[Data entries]

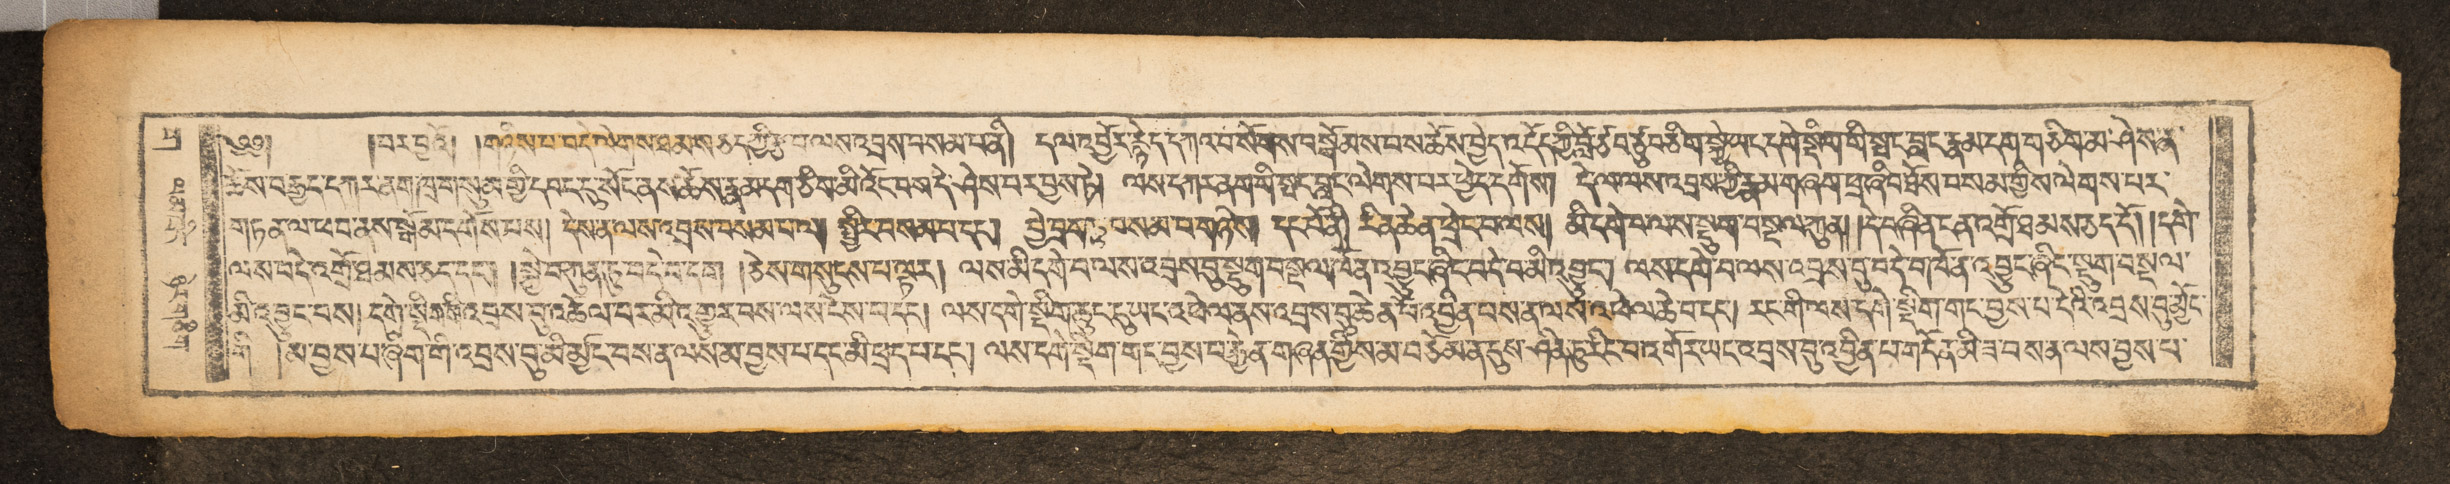༄༅། །པར་བྱའོ། །གཉིས་པ་བདེ་ལེགས་ཐམས་ཅད་ཀྱི་རྩ་བ་ལས་འབྲས་བསམ་པ་ནི། དལ་འབྱོར་རྙེད་དཀའ་བ་སོགས་བསྒོམས་པས་ཆོས་བྱེད་འདོད་ཀྱི་བློ་ཙབ་ཙུབ་ཅིག་སྐྱེ་ཡང་དགེ་སྡིག་གི་སྤང་བླང་རྣམ་དག་གཅག་མ་ཤེས་ན་
ཆོས་བརྒྱད་དཀར་ནག་ཁྲ་གསུམ་གྱི་དབང་དུ་སོང་ནས་ཆོས་རྣམ་དག་ཅིག་མི་འོང་བས་དེ་ཤེས་པར་བྱས་ཏེ། ལས་དཀར་ནག་གི་སྤང་བླང་ལེགས་པར་ཕྱེད་དགོས། དེ་ལ་ལས་འབྲས་ཀྱི་རྣམ་གཞག་ཕྲ་ཞིབ་ཐོས་བསམ་གྱིས་ལེགས་པར་
གཏན་ལ་ཕབ་ནས་སྒོམ་དགོས་པས། དེས་ན་ལས་འབྲས་བསམ་པ་ལ། སྤྱིར་བསམ་པ་དང་། བྱེ་བྲག་ཏུ་བསམ་པ་གཉིས། དང་པོ་ནི། རིན་ཆེན་ཕྲེང་བ་ལས། མི་དགེ་བ་ལས་སྡུག་བསྔལ་ཀུན། །དེ་བཞིན་ངན་འགྲོ་ཐམས་ཅད་དོ། །དགེ་
ལས་བདེ་འགྲོ་ཐམས་ཅད་དང་། །སྐྱེ་བ་ཀུན་ཏུ་བདེ་བ་དག། །ཅེས་གསུངས་པ་ལྟར། ལས་མི་དགེ་བ་ལས་འབྲས་བུ་སྡུག་བསྔལ་ཁོ་ན་འབྱུང་ཞིང་བདེ་བ་མི་འབྱུང་། ལས་དགེ་བ་ལས་འབྲས་བུ་བདེ་བ་ཁོ་ན་འབྱུང་ཞིང་སྡུག་བསྔལ་
མི་འབྱུང་བས། དགེ་སྡིག་གི་འབྲས་བུ་འཚོལ་པར་མི་འགྱུར་བས་ལས་ངེས་པ་དང་། ལས་དགེ་སྡིག་ཆུང་དུ་ཡང་འཕེལ་ནས་འབྲས་བུ་ཆེན་པོ་འབྱིན་པས་ན་ལས་འཕེལ་ཆེ་བ་དང་། རང་གི་ལས་དགེ་སྡིག་གང་བྱས་པ་དེའི་འབྲས་བུ་མྱོང་
གི །མ་བྱས་པ་ཞིག་གི་འབྲས་བུ་མི་མྱོང་བས་ན་ལས་མ་བྱས་པ་དང་མི་ཕྲད་པ་དང་། ལས་དགེ་སྡིག་གང་བྱས་པ་རྐྱེན་གཞན་གྱིས་མ་བཅོམ་ན་དུས་ཤིན་ཏུ་རིང་བ་འགོར་ཡང་འབྲས་བུ་འབྱིན་པ་གདོན་མི་ཟ་བས་ན་ལས་བྱས་པ་

> [WORK TO BE COMPLETED]
All of the lines above should be printed exactly, minus the pictures.

> [ANSWER TO THIS TASK]
༄༅། །པར་བྱའོ། །གཉིས་པ་བདེ་ལེགས་ཐམས་ཅད་ཀྱི་རྩ་བ་ལས་འབྲས་བསམ་པ་ནི། དལ་འབྱོར་རྙེད་དཀའ་བ་སོགས་བསྒོམས་པས་ཆོས་བྱེད་འདོད་ཀྱི་བློ་ཙབ་ཙུབ་ཅིག་སྐྱེ་ཡང་དགེ་སྡིག་གི་སྤང་བླང་རྣམ་དག་གཅག་མ་ཤེས་ན་
ཆོས་བརྒྱད་དཀར་ནག་ཁྲ་གསུམ་གྱི་དབང་དུ་སོང་ནས་ཆོས་རྣམ་དག་ཅིག་མི་འོང་བས་དེ་ཤེས་པར་བྱས་ཏེ། ལས་དཀར་ནག་གི་སྤང་བླང་ལེགས་པར་ཕྱེད་དགོས། དེ་ལ་ལས་འབྲས་ཀྱི་རྣམ་གཞག་ཕྲ་ཞིབ་ཐོས་བསམ་གྱིས་ལེགས་པར་
གཏན་ལ་ཕབ་ནས་སྒོམ་དགོས་པས། དེས་ན་ལས་འབྲས་བསམ་པ་ལ། སྤྱིར་བསམ་པ་དང་། བྱེ་བྲག་ཏུ་བསམ་པ་གཉིས། དང་པོ་ནི། རིན་ཆེན་ཕྲེང་བ་ལས། མི་དགེ་བ་ལས་སྡུག་བསྔལ་ཀུན། །དེ་བཞིན་ངན་འགྲོ་ཐམས་ཅད་དོ། །དགེ་
ལས་བདེ་འགྲོ་ཐམས་ཅད་དང་། །སྐྱེ་བ་ཀུན་ཏུ་བདེ་བ་དག། །ཅེས་གསུངས་པ་ལྟར། ལས་མི་དགེ་བ་ལས་འབྲས་བུ་སྡུག་བསྔལ་ཁོ་ན་འབྱུང་ཞིང་བདེ་བ་མི་འབྱུང་། ལས་དགེ་བ་ལས་འབྲས་བུ་བདེ་བ་ཁོ་ན་འབྱུང་ཞིང་སྡུག་བསྔལ་
མི་འབྱུང་བས། དགེ་སྡིག་གི་འབྲས་བུ་འཚོལ་པར་མི་འགྱུར་བས་ལས་ངེས་པ་དང་། ལས་དགེ་སྡིག་ཆུང་དུ་ཡང་འཕེལ་ནས་འབྲས་བུ་ཆེན་པོ་འབྱིན་པས་ན་ལས་འཕེལ་ཆེ་བ་དང་། རང་གི་ལས་དགེ་སྡིག་གང་བྱས་པ་དེའི་འབྲས་བུ་མྱོང་
གི །མ་བྱས་པ་ཞིག་གི་འབྲས་བུ་མི་མྱོང་བས་ན་ལས་མ་བྱས་པ་དང་མི་ཕྲད་པ་དང་། ལས་དགེ་སྡིག་གང་བྱས་པ་རྐྱེན་གཞན་གྱིས་མ་བཅོམ་ན་དུས་ཤིན་ཏུ་རིང་བ་འགོར་ཡང་འབྲས་བུ་འབྱིན་པ་གདོན་མི་ཟ་བས་ན་ལས་བྱས་པ་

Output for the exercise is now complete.